§ **What is being asked**
Among the entries that follow, count the lines that contain the word "Frame" and say how many there are, writing nothing else.
*** Opening Material to process ***
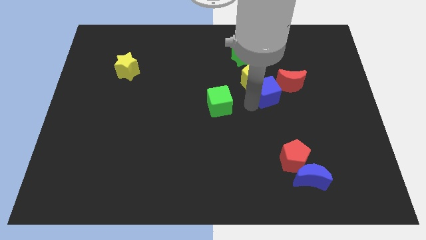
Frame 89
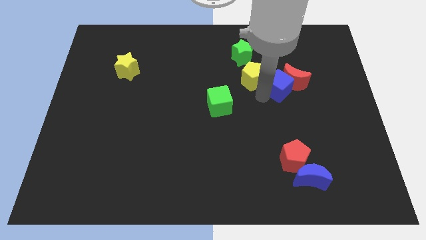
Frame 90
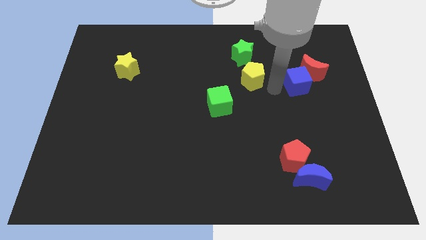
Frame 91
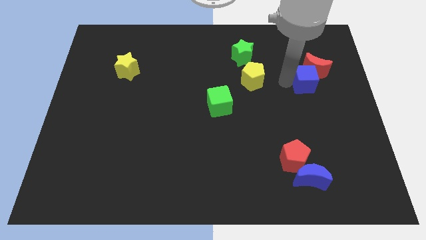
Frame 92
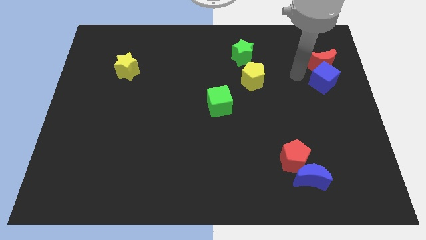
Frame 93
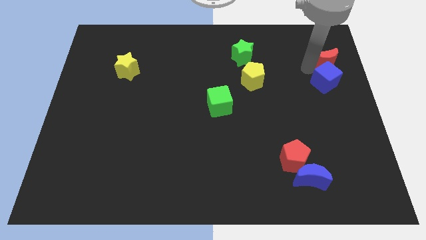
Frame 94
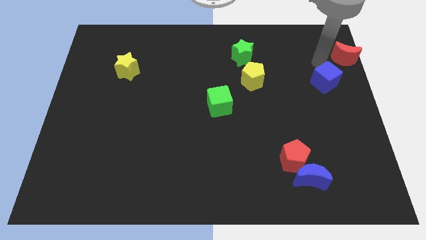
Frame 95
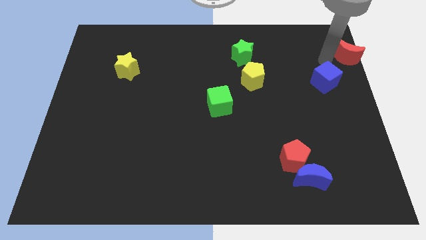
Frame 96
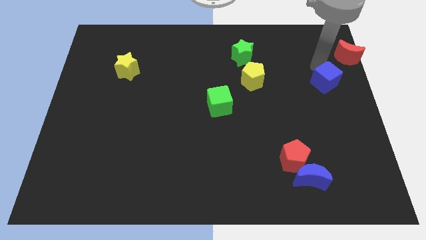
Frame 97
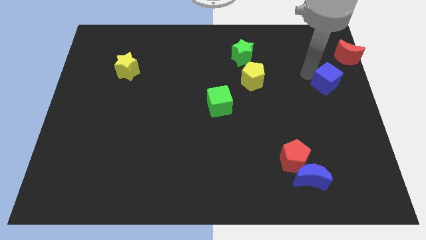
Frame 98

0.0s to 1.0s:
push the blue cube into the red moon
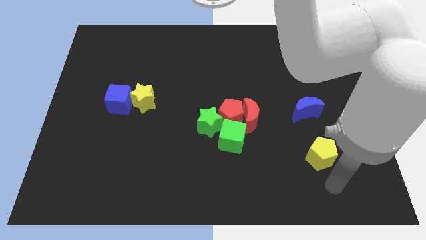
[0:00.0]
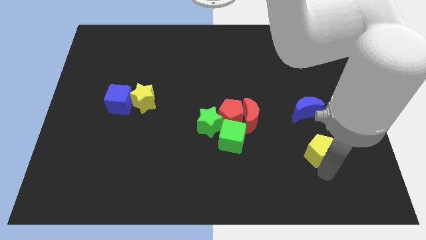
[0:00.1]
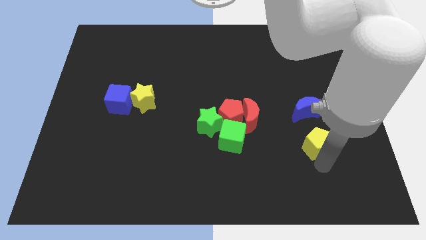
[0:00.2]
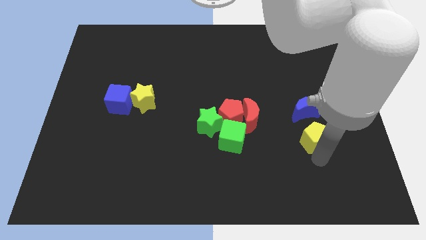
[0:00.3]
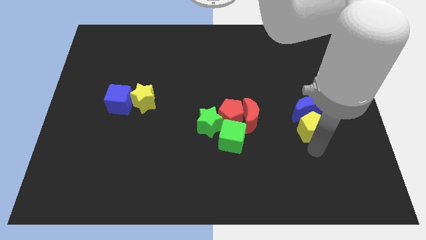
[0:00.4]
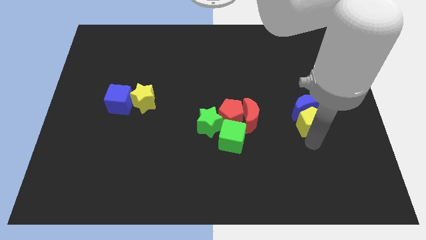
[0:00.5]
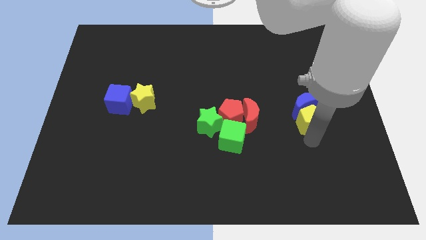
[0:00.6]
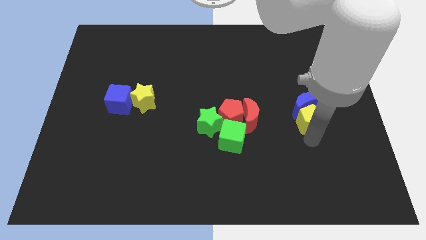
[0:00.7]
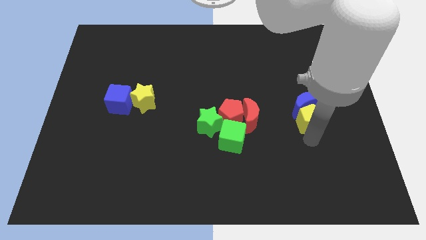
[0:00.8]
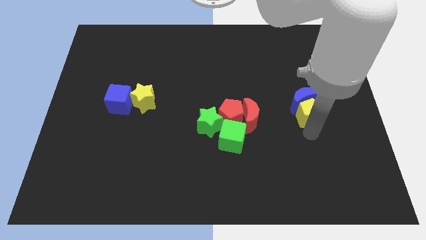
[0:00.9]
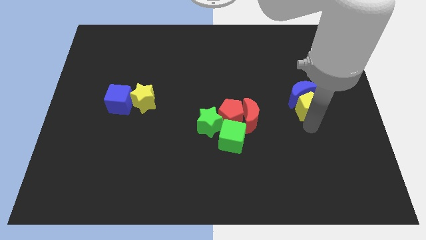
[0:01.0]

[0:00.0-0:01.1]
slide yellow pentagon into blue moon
*** Closing Material to process ***
*** Opening Material to process ***
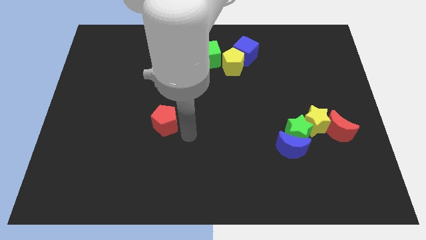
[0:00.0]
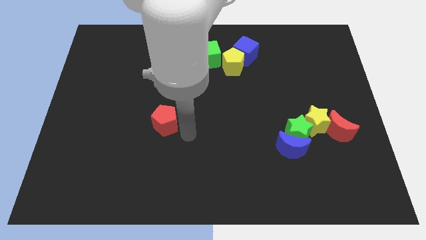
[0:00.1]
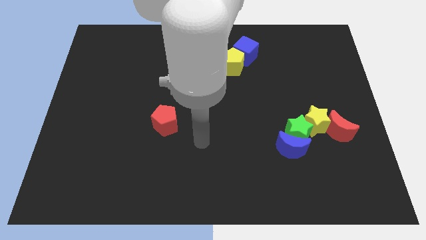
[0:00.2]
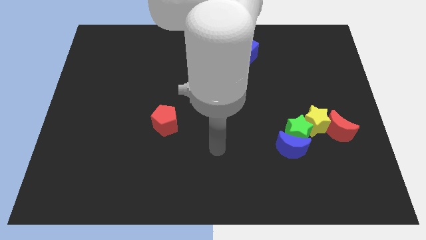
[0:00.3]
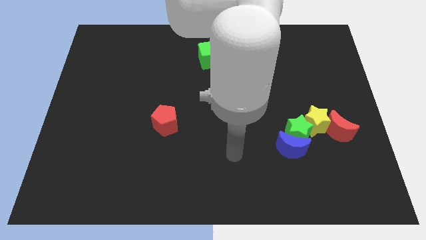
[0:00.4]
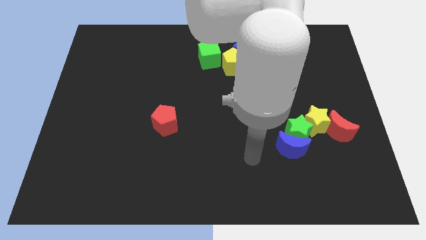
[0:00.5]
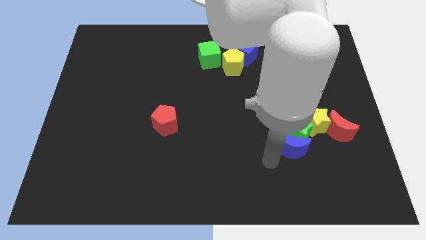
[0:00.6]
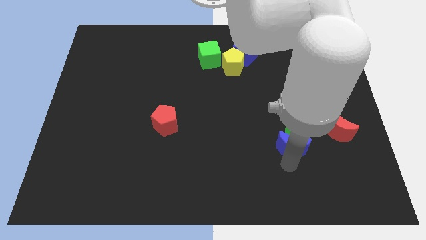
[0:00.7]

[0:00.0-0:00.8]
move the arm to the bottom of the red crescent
*** Closing Material to process ***
§ **Written answer**
10